Deep learning model package

A deep learning model package (.dlpk) contains the files and data required to run deep learning inferencing tools for object detection or image classification. The package can be uploaded to your portal as a DLPK item and used as the input to deep learning raster analysis tools.

Deep learning model packages must contain an Esri model definition file (.emd) and a trained model file. The trained model file extension depends on the framework you used to train the model. For example, if you trained your model using TensorFlow, the model file will be a .pb file, while a model trained using Keras will generate an .h5 file. Depending on the model framework and options you used to train your model, you may need to include a Python Raster Function (.py) or additional files. You can include multiple trained model files in a single deep learning model package.

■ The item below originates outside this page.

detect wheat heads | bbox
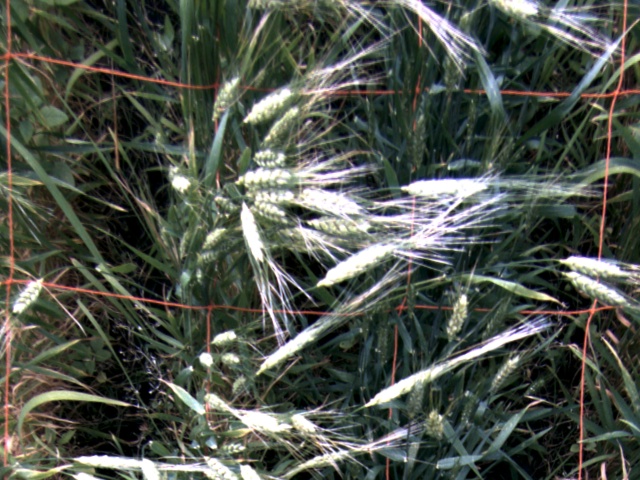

You can open most packages in any version of ArcGIS Pro. By default, the contents of a package are stored in the <User Documents>\ArcGIS\Packages folder. You can change this location in the Share and download options. If the ArcGIS Pro version used to open a package does not support the functionality in the package, the functionality will not be available.

To view or edit the properties of a .dlpk package, or to add or remove files from a .dlpk package, right-click the .dlpk package in the Catalog pane and click Properties.

Open a deep learning package in the Catalog pane.

Properties include the following information:

Input—The .emd file, trained model file, and any additional files that may be required to run the inferencing tools.
Framework—The deep learning framework used to train the model.
ModelConfiguration—The type of model training performed (object detection, pixel classification, or feature classification).
Description—A description of the model. This is optional and editable.
Summary—A brief summary of the model. This is optional and editable.
Tags—Any tags used to identify the package. This is useful for .dlpk package items stored on your portal.

Any property that is edited in the Properties window is updated when you click OK. If the .dlpk package item is being accessed from your portal in the Catalog pane, the portal item is updated.

For information about how to create a .dlpk package, see Share a deep learning model package.